The former Met general manager, whose tenure with the team was rocked by admissions of infidelity, confessed to his wife and local cops that he had slept with ESPN assistant Brooke Hundley several times this past summer before dumping her.

In retaliation, the jilted young woman repeatedly phoned Phillips' wife, Marni, saying, "We both can't have him!" an explosive police report claims.

Hundley's desperate actions -- including accidentally smashing her car into a stone column while speeding away from the Phillips' home after leaving the letter -- terrified the family, according to the Wilton, Conn., police report.

"I have extreme concerns about the health and safety of my kids and myself," Steve Phillips said in a police statement, adding that the woman became "obsessive and delusional" after he dumped her.

But Phillips, 46, declined to pursue criminal charges against Hundley, a Bristol, Conn., woman who cops learned may have used an ESPN computer to contact Phillips' 16-year-old son on Facebook while posing as a high-school classmate.
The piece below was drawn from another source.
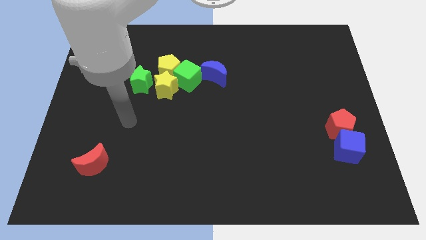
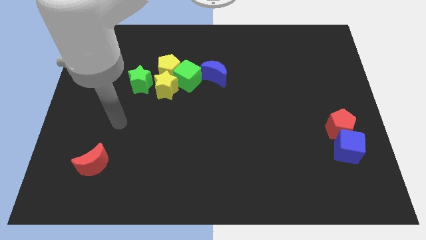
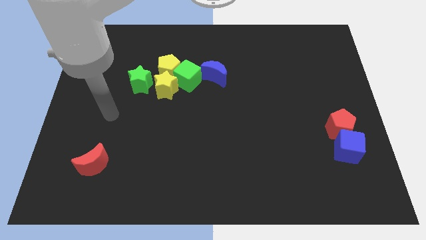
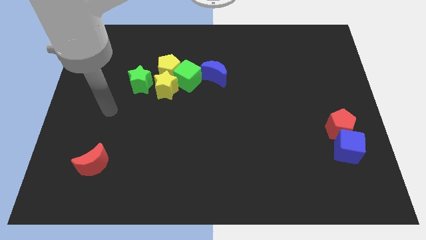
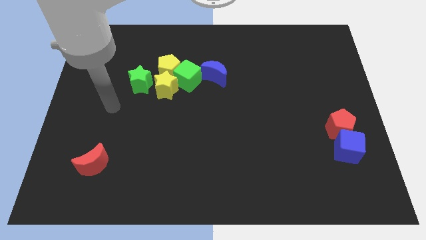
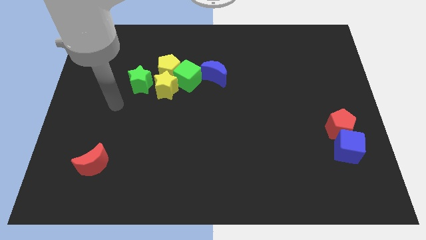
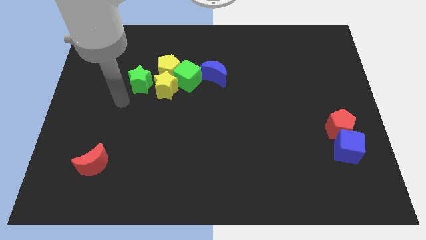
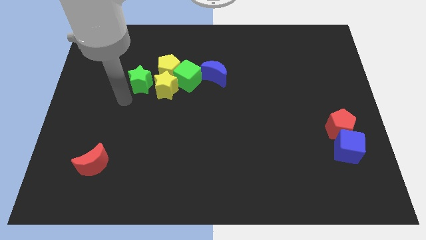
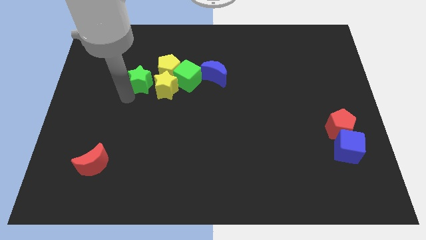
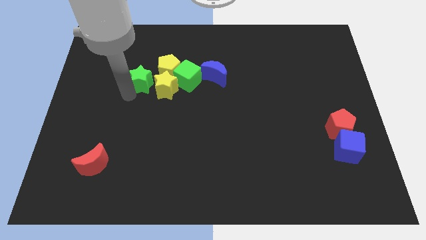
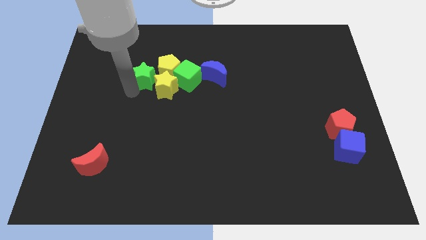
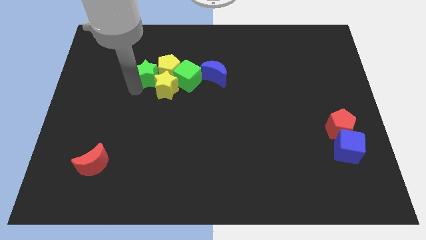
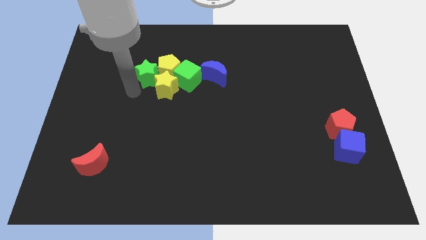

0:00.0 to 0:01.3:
push the green star into the yellow pentagon

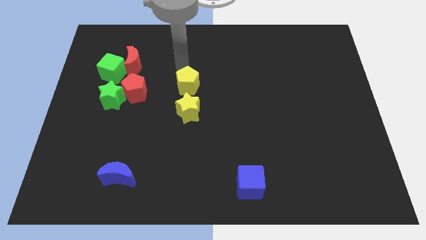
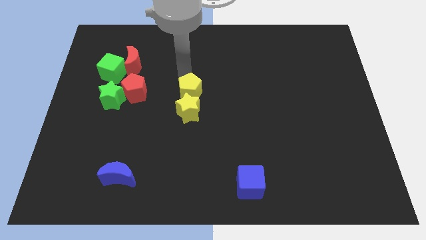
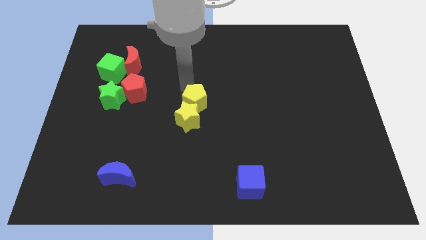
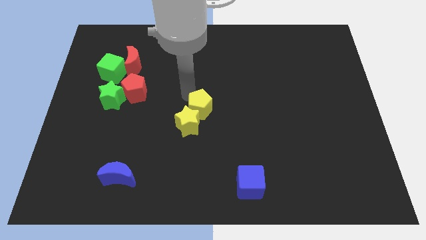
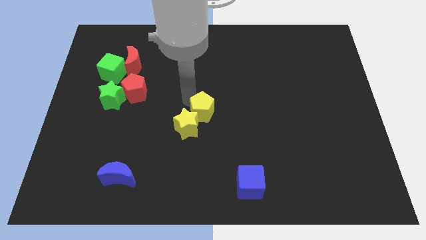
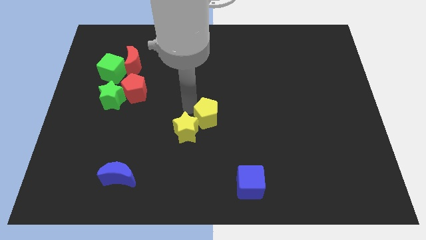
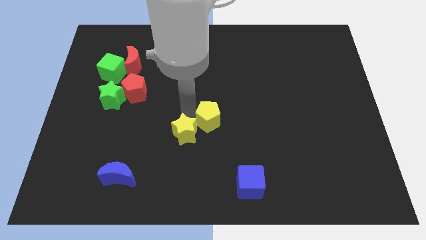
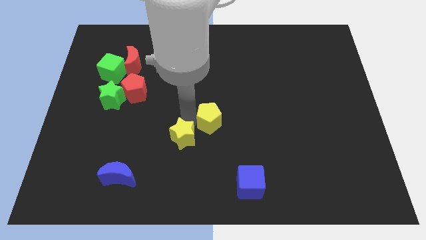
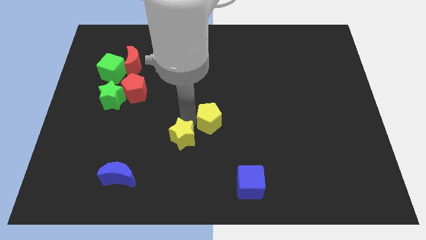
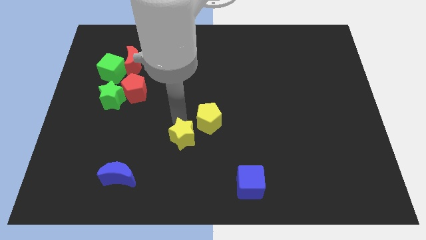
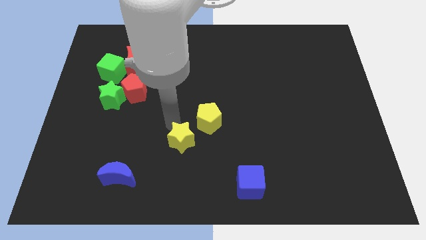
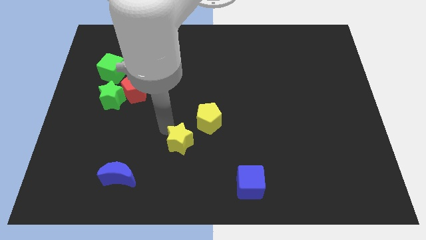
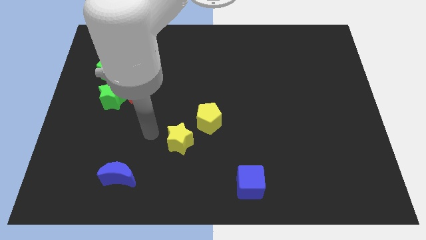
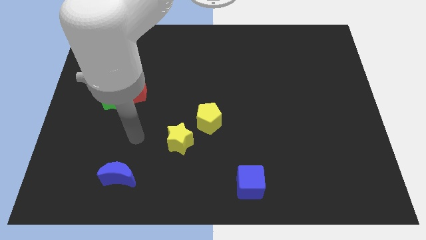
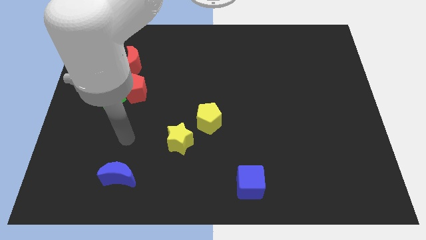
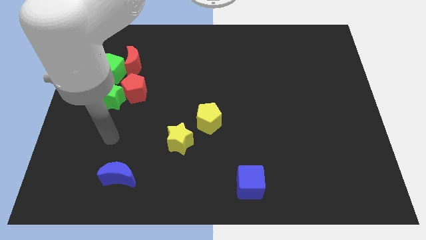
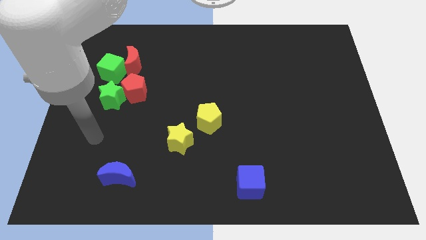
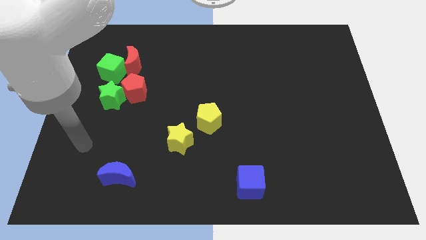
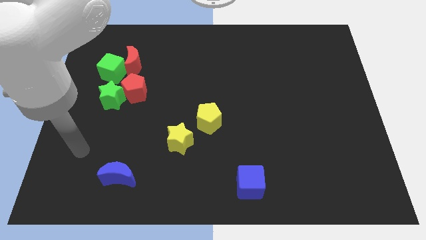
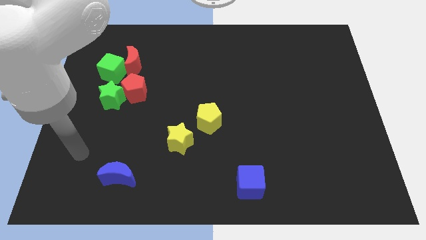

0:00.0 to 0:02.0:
separate yellow pentagon and yellow star

Phillips -- who admitted having multiple affairs with women while working for the Mets -- is now being sued for divorce by his 40-year-old wife, the mother of his four sons. Two months ago, Phillips deeded the family's five-bedroom, multimillion-dollar Wilton home to her.

A source told The Post Phillips has been suspended for a week by ESPN -- which hired him in 2005 as a baseball analyst -- because of the scandal.

ESPN refused to comment, and Phillips did not return calls seeking comment.

Hundley, too, refused to talk when reached by The Post last night.

The bombshell developments come 11 years after Phillips took a brief leave of absence as the Mets' GM after admitting to having sex with a team employee, Rosa Rodriguez, who sued him for sexual harassment, a case later settled out of court.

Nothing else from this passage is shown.